This Ansel Adams photograph has always stood out from the rest of his works.  It doesn’t have the usual crispness or drama that one normally expects.  Instead the focus is soft and the shadows are not full and rich.  It almost seems like it might have been created by another person.  And for that reason I find it all the more interesting.

It’s difficult to imagine the great Ansel Adams as an amateur, a novice photographer.  One normally associates him with a supremely confident master of his art, a pioneer of techniques, both technical and aesthetic, that we still use and revere today.  And this is certainly an accurate characterization.  But like all of us, he had to start somewhere.  We all go through a period where our art is in its formative stages, where we are discovering ourselves, our vision and our voice.  And this photograph was part of the process for Adams.

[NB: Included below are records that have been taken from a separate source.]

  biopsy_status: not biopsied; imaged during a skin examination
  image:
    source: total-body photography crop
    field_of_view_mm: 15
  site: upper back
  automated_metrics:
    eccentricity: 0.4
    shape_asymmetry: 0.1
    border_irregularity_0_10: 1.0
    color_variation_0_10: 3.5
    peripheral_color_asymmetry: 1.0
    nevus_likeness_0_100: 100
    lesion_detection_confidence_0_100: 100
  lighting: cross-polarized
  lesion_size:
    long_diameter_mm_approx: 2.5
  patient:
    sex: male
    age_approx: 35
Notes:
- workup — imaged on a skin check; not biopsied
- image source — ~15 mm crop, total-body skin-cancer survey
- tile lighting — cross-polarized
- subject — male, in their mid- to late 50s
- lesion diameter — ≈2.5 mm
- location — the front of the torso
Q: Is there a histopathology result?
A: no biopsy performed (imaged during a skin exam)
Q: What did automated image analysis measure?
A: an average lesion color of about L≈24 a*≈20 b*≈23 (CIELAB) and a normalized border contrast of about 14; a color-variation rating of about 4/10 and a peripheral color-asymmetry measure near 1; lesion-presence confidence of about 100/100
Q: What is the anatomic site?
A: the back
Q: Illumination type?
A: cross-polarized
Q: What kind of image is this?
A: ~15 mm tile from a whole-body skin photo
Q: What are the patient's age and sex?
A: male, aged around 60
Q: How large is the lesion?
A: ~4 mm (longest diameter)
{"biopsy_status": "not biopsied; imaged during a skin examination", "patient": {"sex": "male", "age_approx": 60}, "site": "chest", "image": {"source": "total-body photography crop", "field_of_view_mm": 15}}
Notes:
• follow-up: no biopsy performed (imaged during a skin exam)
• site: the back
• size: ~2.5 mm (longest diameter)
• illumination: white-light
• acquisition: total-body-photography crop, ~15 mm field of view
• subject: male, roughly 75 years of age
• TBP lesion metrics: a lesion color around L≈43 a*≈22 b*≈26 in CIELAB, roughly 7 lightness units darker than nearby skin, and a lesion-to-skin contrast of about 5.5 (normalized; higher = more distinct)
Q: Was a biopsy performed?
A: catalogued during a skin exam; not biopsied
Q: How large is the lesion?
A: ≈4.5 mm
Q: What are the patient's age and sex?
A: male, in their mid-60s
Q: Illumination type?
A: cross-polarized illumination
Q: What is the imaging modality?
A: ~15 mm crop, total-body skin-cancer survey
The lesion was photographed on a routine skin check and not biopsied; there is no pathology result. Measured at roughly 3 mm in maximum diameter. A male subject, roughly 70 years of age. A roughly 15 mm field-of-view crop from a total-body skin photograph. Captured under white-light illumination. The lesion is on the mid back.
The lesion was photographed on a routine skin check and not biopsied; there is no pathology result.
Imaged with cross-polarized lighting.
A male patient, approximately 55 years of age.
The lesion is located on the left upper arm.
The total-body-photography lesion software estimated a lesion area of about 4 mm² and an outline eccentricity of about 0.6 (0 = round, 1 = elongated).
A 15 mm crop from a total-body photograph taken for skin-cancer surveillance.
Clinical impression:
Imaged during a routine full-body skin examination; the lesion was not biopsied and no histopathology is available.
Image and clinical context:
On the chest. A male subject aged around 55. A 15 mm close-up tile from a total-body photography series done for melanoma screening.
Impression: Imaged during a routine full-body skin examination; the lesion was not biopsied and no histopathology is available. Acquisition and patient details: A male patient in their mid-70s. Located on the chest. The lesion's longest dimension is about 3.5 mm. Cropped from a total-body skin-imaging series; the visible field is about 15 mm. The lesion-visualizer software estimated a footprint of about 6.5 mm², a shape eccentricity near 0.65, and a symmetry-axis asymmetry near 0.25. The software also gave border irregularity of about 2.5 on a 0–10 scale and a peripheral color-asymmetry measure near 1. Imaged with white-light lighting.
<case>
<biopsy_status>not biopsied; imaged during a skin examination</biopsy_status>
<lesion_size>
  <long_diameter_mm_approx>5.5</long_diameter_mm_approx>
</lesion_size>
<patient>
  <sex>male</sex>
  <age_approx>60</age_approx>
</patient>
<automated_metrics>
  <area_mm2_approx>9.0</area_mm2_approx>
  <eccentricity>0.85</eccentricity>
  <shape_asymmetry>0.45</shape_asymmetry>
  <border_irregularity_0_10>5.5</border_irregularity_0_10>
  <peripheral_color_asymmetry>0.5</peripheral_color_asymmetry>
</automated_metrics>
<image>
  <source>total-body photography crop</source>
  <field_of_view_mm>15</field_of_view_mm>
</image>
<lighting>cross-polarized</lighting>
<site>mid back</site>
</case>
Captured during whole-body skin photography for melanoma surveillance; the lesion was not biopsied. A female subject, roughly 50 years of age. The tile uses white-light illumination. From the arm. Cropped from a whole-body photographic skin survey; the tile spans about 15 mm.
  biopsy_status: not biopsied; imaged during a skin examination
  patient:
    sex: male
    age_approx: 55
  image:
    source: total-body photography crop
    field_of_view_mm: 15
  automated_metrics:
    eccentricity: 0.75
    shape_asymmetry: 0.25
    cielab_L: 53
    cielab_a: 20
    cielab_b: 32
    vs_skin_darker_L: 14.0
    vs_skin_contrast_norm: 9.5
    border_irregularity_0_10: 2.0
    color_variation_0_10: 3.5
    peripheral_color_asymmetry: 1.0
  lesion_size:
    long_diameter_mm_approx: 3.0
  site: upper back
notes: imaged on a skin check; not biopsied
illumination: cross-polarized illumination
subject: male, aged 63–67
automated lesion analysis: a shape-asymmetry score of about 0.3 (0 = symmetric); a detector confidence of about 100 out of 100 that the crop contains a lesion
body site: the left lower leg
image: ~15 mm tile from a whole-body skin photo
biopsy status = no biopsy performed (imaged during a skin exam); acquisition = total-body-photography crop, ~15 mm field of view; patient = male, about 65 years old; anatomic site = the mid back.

It just so happened that the at that time (early 1920s) photography was not recognized as an art form.  Painting was art but photography’s role was mere documentation.  Photography was firmly in its Pictorialism period championed by the great Alfred Stieglitz.  The generally accepted norm of the time was that for photography to rise to the level of fine art it had to emulate the supreme visual fine art – painting.  So photographs were intentionally made to look like paintings, not photographs.  A soft quality, a lack of sharp focus and contrast, was especially prized by the Pictorialists.  The photography magazines of the day discussed Pictorial techniques, one of which was to use soft focus lenses.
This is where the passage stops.